NEW YORK–(BUSINESS WIRE)–Kroll Bond Rating Agency (KBRA) assigns a preliminary rating to one class of notes from TVEST 2020A, LLC, a $123 million securitization collateralized by litigation finance and medical receivables serviced by Experity Ventures LLC (“Experity”).
The TVEST 2020A, LLC notes (“Notes”) represents Experity’s first ABS securitization collateralized by litigation finance and medical receivables. Experity, formed in April, 2019, is the parent company of the various receivable originators including Thrivest Legal Funding LLC (“Thrivest”), a direct to market pre-settlement legal funding company with a history of originations dating back to 2009 and ProMed Capital Venture LLC (“ProMed”), a recently acquired leading medical lien funding company that has been originating since 2017. Experity is also the parent of four other litigation finance receivable originators that were formed in connection with strategic financing and operational partnerships with third parties.

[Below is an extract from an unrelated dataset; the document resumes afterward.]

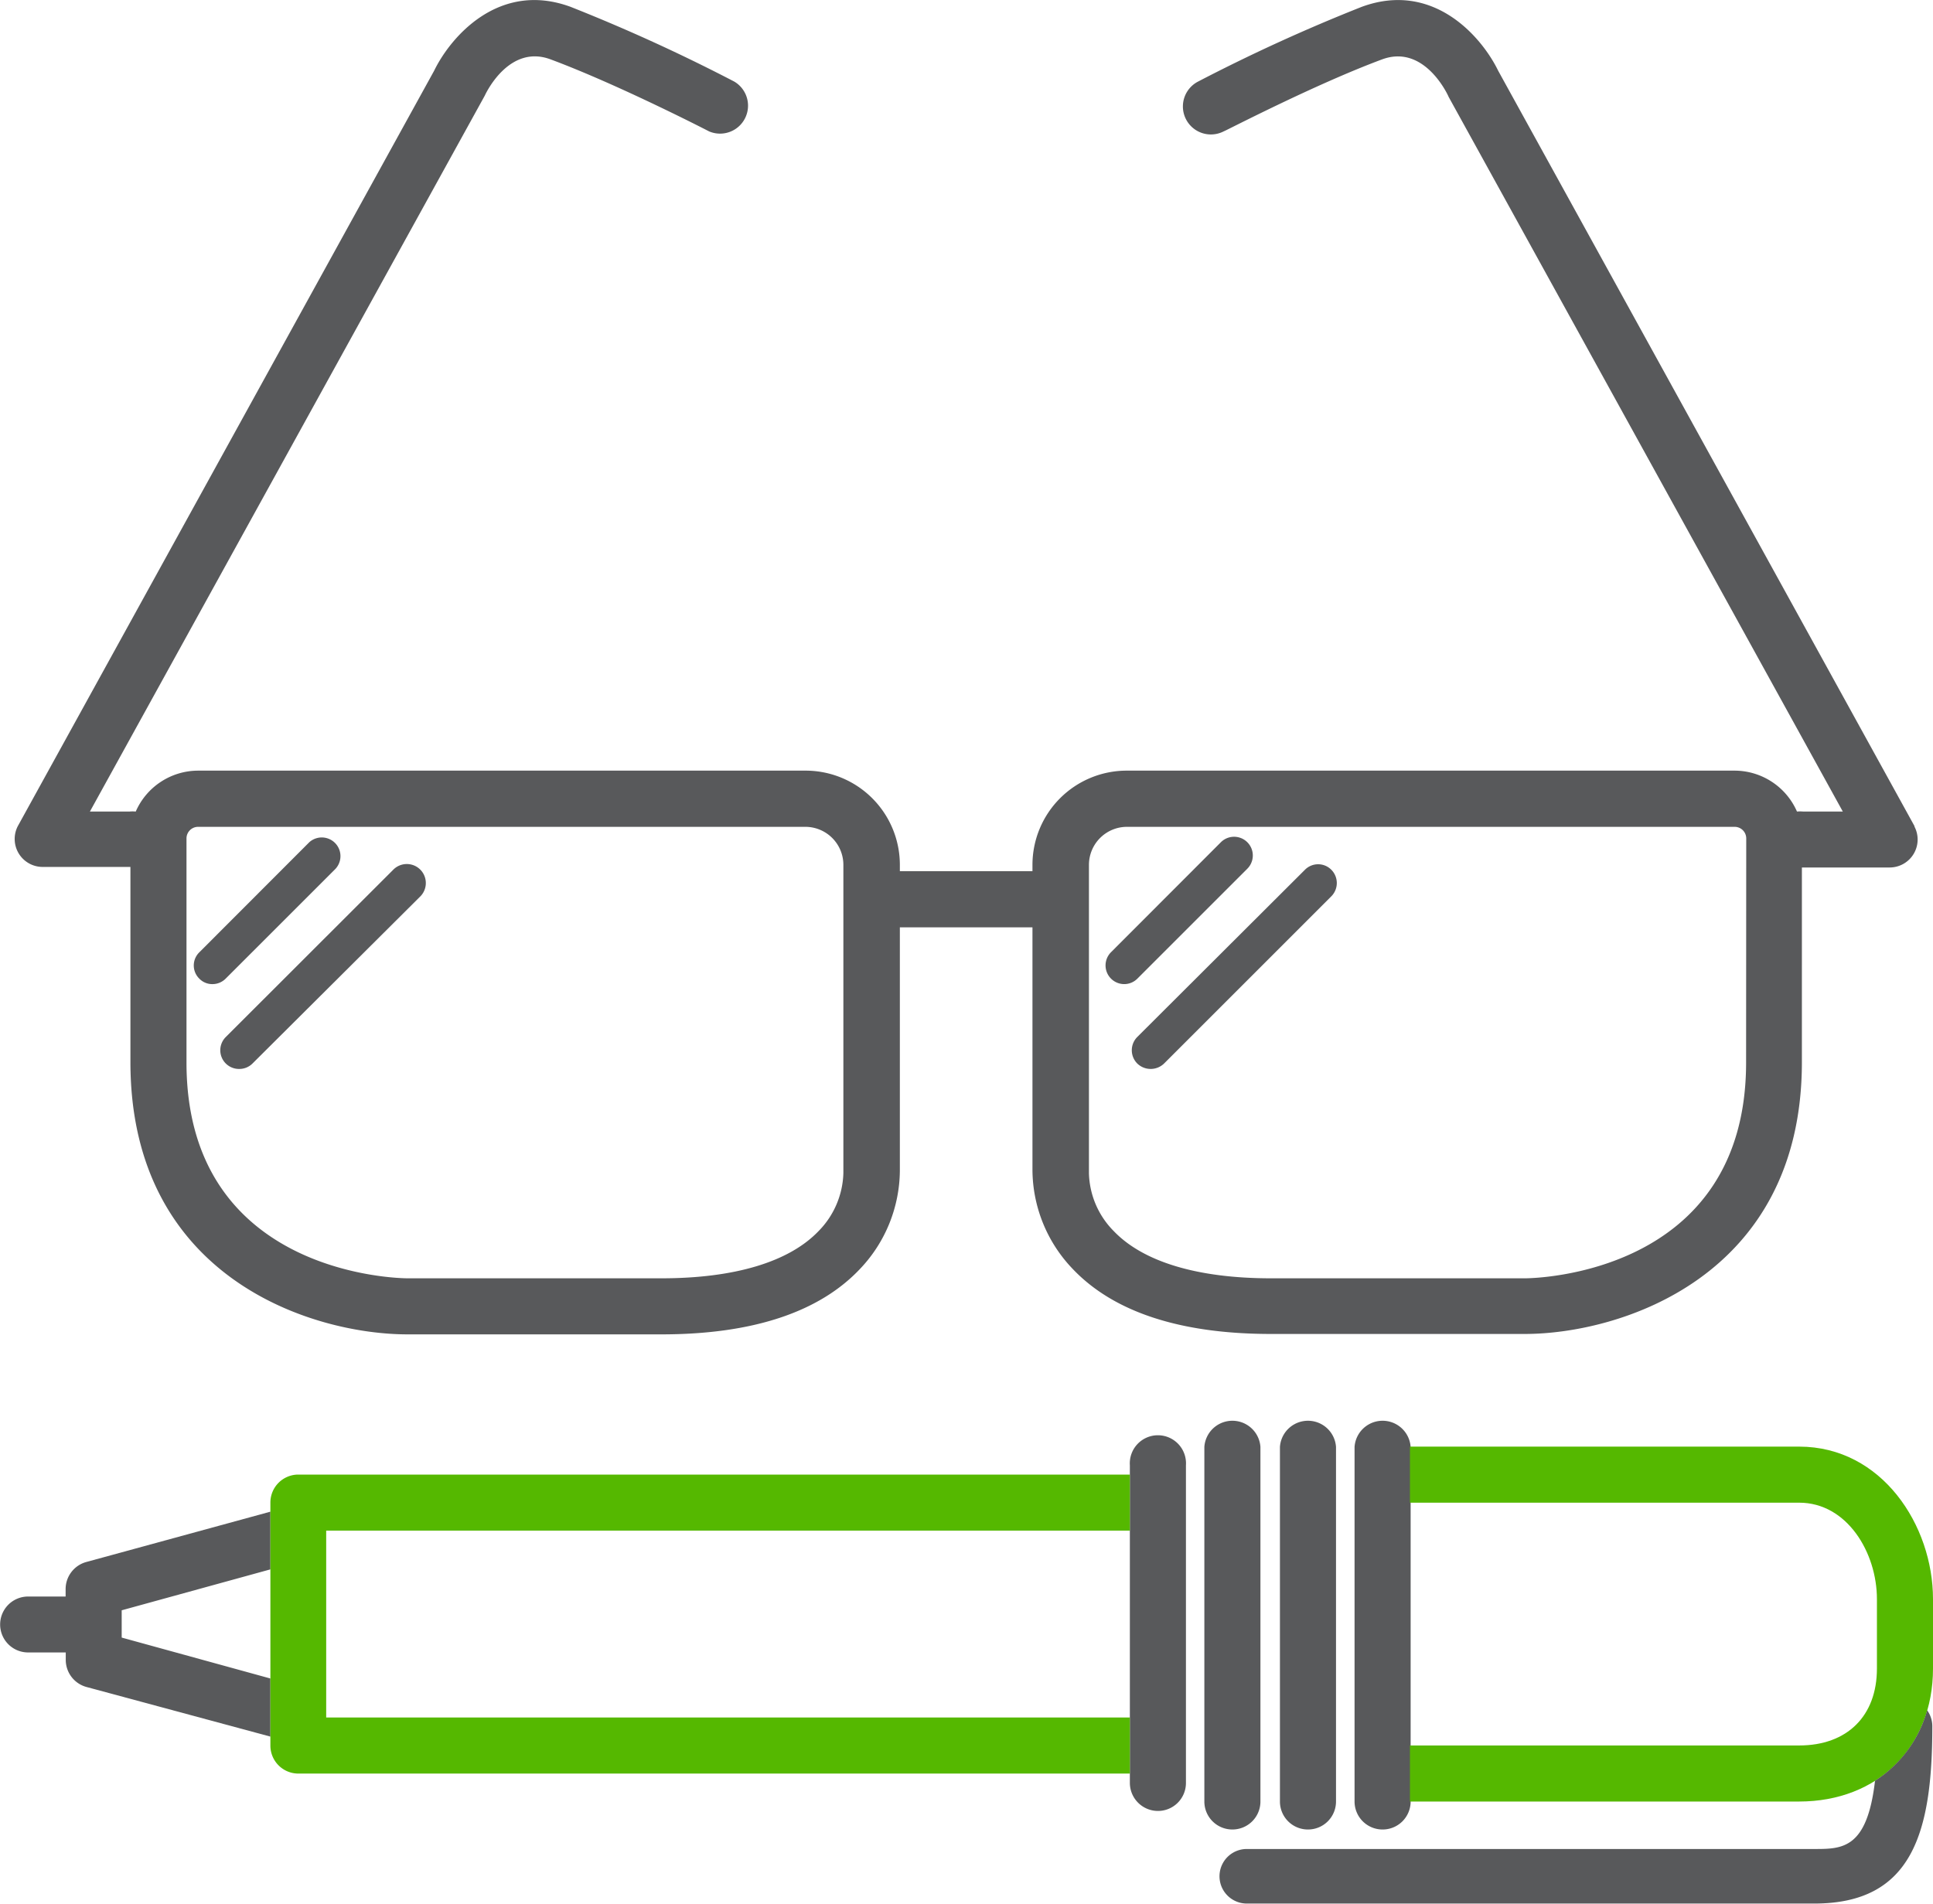 <svg id="Layer_1" data-name="Layer 1" xmlns="http://www.w3.org/2000/svg" viewBox="0 0 141.69 139.59"><defs><style>.cls-1{fill:#58595b;}.cls-2{fill:#55b800;}</style></defs><title>AVMA-Axon-Icons-CareerDevelopment</title><path class="cls-1" d="M85.54,80.54a1.41,1.41,0,0,1-1-.4,1.38,1.38,0,0,1,0-1.94L96.83,65.94a1.36,1.36,0,0,1,1.94,0,1.38,1.38,0,0,1,0,1.94L86.51,80.14A1.41,1.41,0,0,1,85.54,80.54Z" transform="translate(-1.18 -2.17)"/><path class="cls-1" d="M83.61,74.32a1.37,1.37,0,0,1-1-2.33l8.06-8.07a1.37,1.37,0,0,1,1.94,1.94l-8.06,8.06A1.36,1.36,0,0,1,83.61,74.32Z" transform="translate(-1.18 -2.17)"/><path class="cls-1" d="M18.73,80.54a1.37,1.37,0,0,1-1-2.34L30,65.94A1.37,1.37,0,0,1,32,67.88L19.69,80.14A1.36,1.36,0,0,1,18.73,80.54Z" transform="translate(-1.18 -2.17)"/><path class="cls-1" d="M16.79,74.32a1.32,1.32,0,0,1-1-.4,1.35,1.35,0,0,1,0-1.93l8.06-8.07a1.37,1.37,0,0,1,1.93,1.94l-8.06,8.06A1.36,1.36,0,0,1,16.79,74.32Z" transform="translate(-1.18 -2.17)"/><path class="cls-1" d="M141.51,62.73,111,7.36C109.78,4.85,106.23.75,101,2.67A128,128,0,0,0,89,8.15a2.05,2.05,0,0,0,1.88,3.65c.07,0,6.66-3.44,11.62-5.28,2.94-1.08,4.63,2.26,4.81,2.63l.06.13,28.89,52.39h-2.9a2.31,2.31,0,0,0-.46,0,5,5,0,0,0-4.58-3H83.76a6.91,6.91,0,0,0-6.9,6.9v.47H67.14v-.47a6.91,6.91,0,0,0-6.9-6.9H15.7a5,5,0,0,0-4.57,3,2.31,2.31,0,0,0-.46,0H7.77L36.66,9.28l.06-.11c.18-.39,1.87-3.74,4.81-2.65,4.95,1.84,11.55,5.24,11.62,5.28A2.05,2.05,0,0,0,55,8.15,128,128,0,0,0,43,2.67C37.77.75,34.22,4.85,33,7.36L2.49,62.73a2.05,2.05,0,0,0,1.8,3h6.45v14.3C10.74,95.83,24,100,31.06,100h18.6c6.67,0,11.57-1.62,14.57-4.81A10.56,10.56,0,0,0,67.14,88V70.16h9.72V88a10.56,10.56,0,0,0,2.91,7.16c3,3.19,7.9,4.81,14.57,4.81h18.6c7,0,20.32-4.17,20.32-19.93V65.77h6.45a2.05,2.05,0,0,0,1.8-3ZM61.17,92.44C59,94.7,55,95.89,49.66,95.89H31.06c-.66,0-16.21-.25-16.21-15.82V63.64a.85.85,0,0,1,.85-.85H60.24A2.79,2.79,0,0,1,63,65.58V88.17A6.3,6.3,0,0,1,61.17,92.44Zm68-12.37c0,15.57-15.55,15.82-16.21,15.82H94.34C89,95.89,85,94.7,82.83,92.44A6.24,6.24,0,0,1,81,88.19V65.58a2.79,2.79,0,0,1,2.79-2.79h44.53a.85.85,0,0,1,.86.85Z" transform="translate(-1.18 -2.17)"/><path class="cls-1" d="M86,134.94A2.06,2.06,0,0,1,84,132.88V109.6a2.06,2.06,0,1,1,4.11,0v23.28A2.05,2.05,0,0,1,86,134.94Z" transform="translate(-1.18 -2.17)"/><path class="cls-1" d="M91.51,136.3a2.05,2.05,0,0,1-2.05-2.05v-26a2.06,2.06,0,0,1,4.11,0v26A2.05,2.05,0,0,1,91.51,136.3Z" transform="translate(-1.18 -2.17)"/><path class="cls-1" d="M97,136.3a2.05,2.05,0,0,1-2-2.05v-26a2.06,2.06,0,0,1,4.11,0v26A2.05,2.05,0,0,1,97,136.3Z" transform="translate(-1.18 -2.17)"/><path class="cls-1" d="M102.47,136.3a2.05,2.05,0,0,1-2-2.05v-26a2.06,2.06,0,0,1,4.11,0v26A2.05,2.05,0,0,1,102.47,136.3Z" transform="translate(-1.18 -2.17)"/><path class="cls-1" d="M21,125.23l-10.9-3v-2l10.9-3V113l-13.5,3.69a2.06,2.06,0,0,0-1.51,2v.53H3.24a2.05,2.05,0,1,0,0,4.1H6v.53a2.06,2.06,0,0,0,1.51,2L21,129.49Z" transform="translate(-1.18 -2.17)"/><path class="cls-2" d="M25.09,128.09v-13.7H84v-4.11H23A2.05,2.05,0,0,0,21,112.34v17.8A2.05,2.05,0,0,0,23,132.2H84v-4.11Z" transform="translate(-1.18 -2.17)"/><path class="cls-2" d="M133.06,108.23H104.53v4.11h28.53c3.52,0,5.7,3.67,5.7,7.07v5.09c0,3.48-2.18,5.64-5.7,5.64H104.53v4.11h28.53c5.78,0,9.81-4,9.81-9.75v-5.09C142.87,114,139.12,108.23,133.06,108.23Z" transform="translate(-1.18 -2.17)"/><path class="cls-1" d="M138.62,132.73c-.58,5-2.4,5-4.45,5H92.57a2,2,0,0,0,0,4h41.6c7.18,0,8.65-5.19,8.65-13a2,2,0,0,0-.38-1.17A9,9,0,0,1,138.62,132.73Z" transform="translate(-1.18 -2.17)"/></svg>

The portfolio securing the transaction has an aggregate discounted receivable balance (“ADPB”), including assumed prefunding, of approximately $160 million as of the May 31, 2020 cutoff date. The ADPB is the aggregate discounted cash flows of the collections associated with the TVEST 2020A, LLC portfolio’s litigation funding receivables (“Litigation Receivables”) and medical receivables (“Medical Receivables” and, collectively, “Receivables”). The discount rate used to calculate the ADPB is a percentage equal to the sum of the assumed interest rate on the Notes, the servicing fee rate of 1.00%, and an additional 0.10%. As of the cutoff date, Medical Receivables comprise 83.20% of the portfolio by count and 67.44% by advance amount and have an average advance to expected settlement case value (“Expected Case Worth Ratio”) of 22.06%. Litigation Receivables comprise the remaining 16.80% of the portfolio by count and 32.56% by advance amount and have and Expected Case Worth Ratio of 8.77%.
The Notes benefit from credit enhancement in the form of overcollateralization, a cash reserve account and a capitalized interest account. The transaction also features a $20 million prefunding account that may be used to purchase additional Receivables during the three months after closing, subject to certain eligibility criteria.